How to complete this task. Exactly the lines from the one with "Vraag: Wat is het rechtsgebied van deze zaak?" through the end of the records below are needed, minus any pictures.

(Records from a dataset)
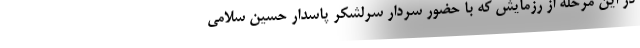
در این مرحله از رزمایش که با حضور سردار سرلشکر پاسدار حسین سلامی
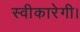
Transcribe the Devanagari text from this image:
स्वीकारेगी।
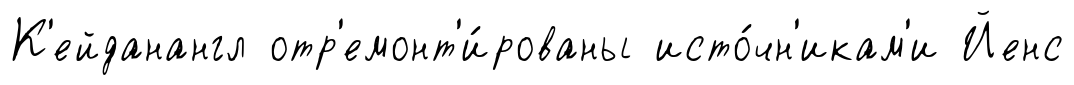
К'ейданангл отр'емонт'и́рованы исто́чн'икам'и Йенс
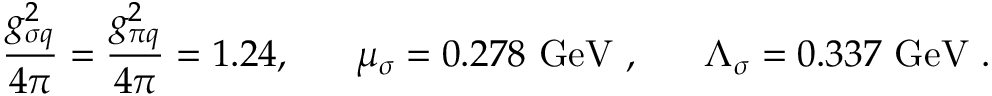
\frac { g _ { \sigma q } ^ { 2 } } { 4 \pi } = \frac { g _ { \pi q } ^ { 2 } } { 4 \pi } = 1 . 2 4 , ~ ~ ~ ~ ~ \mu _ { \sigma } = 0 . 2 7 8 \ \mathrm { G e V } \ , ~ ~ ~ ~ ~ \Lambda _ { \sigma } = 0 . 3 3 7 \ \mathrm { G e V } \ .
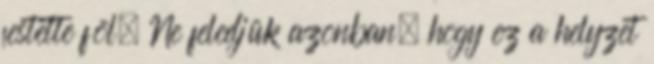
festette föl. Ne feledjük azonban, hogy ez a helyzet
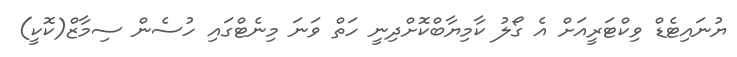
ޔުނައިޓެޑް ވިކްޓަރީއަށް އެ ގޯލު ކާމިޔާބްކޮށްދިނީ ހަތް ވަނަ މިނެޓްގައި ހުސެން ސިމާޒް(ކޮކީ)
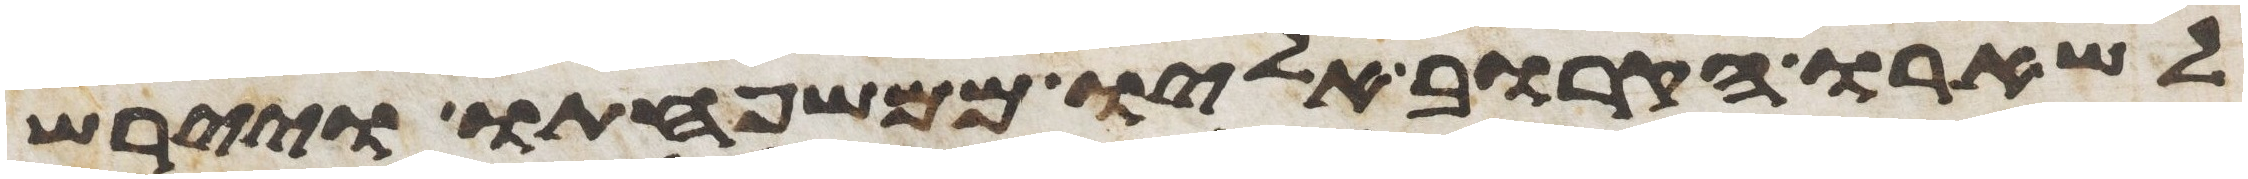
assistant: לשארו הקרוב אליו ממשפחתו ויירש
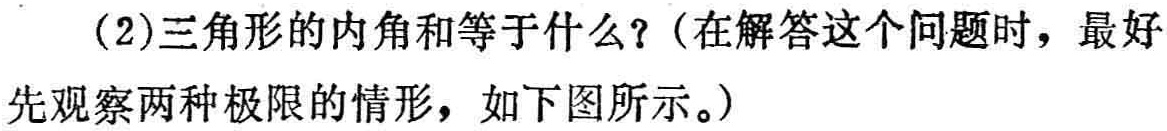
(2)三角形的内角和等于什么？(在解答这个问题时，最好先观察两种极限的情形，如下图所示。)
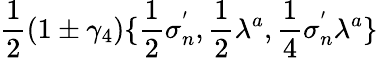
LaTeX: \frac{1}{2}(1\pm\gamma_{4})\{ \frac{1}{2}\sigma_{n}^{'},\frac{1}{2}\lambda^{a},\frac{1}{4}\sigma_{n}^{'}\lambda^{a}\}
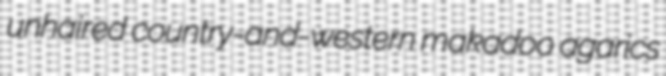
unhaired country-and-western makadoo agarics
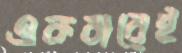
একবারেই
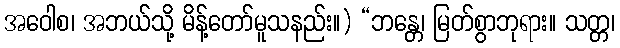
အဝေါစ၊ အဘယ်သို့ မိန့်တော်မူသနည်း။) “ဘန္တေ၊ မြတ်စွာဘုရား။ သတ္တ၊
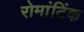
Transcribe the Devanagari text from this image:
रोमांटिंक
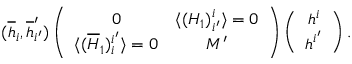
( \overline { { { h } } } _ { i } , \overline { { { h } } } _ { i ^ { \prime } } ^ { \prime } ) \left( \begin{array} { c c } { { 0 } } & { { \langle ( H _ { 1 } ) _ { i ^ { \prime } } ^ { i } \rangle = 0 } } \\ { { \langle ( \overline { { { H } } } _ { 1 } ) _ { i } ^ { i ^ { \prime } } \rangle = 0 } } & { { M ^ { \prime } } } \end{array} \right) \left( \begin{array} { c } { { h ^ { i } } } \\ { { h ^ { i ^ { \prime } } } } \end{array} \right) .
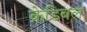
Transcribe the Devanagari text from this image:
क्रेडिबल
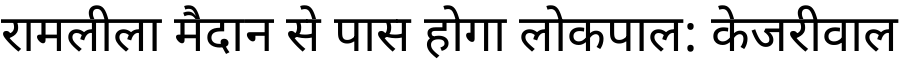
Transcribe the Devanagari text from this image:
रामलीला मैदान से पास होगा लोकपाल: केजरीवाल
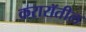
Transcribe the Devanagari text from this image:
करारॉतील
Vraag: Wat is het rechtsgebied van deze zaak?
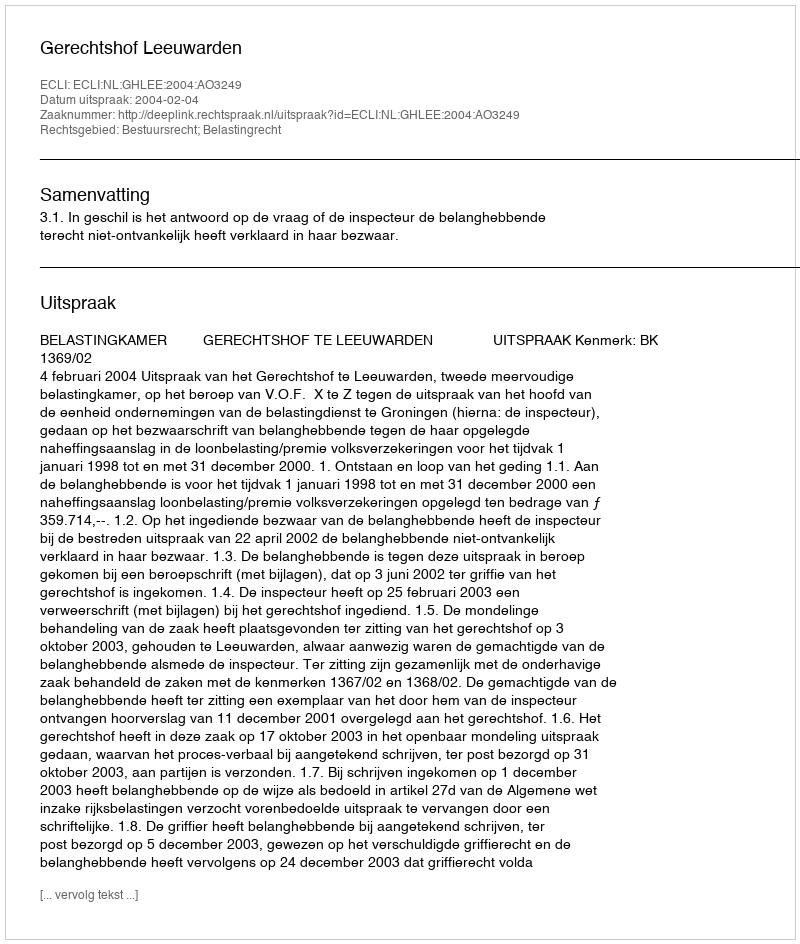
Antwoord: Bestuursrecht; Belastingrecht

Answer to the problem.
Vraag: Wat is het rechtsgebied van deze zaak?
Antwoord: Bestuursrecht; Belastingrecht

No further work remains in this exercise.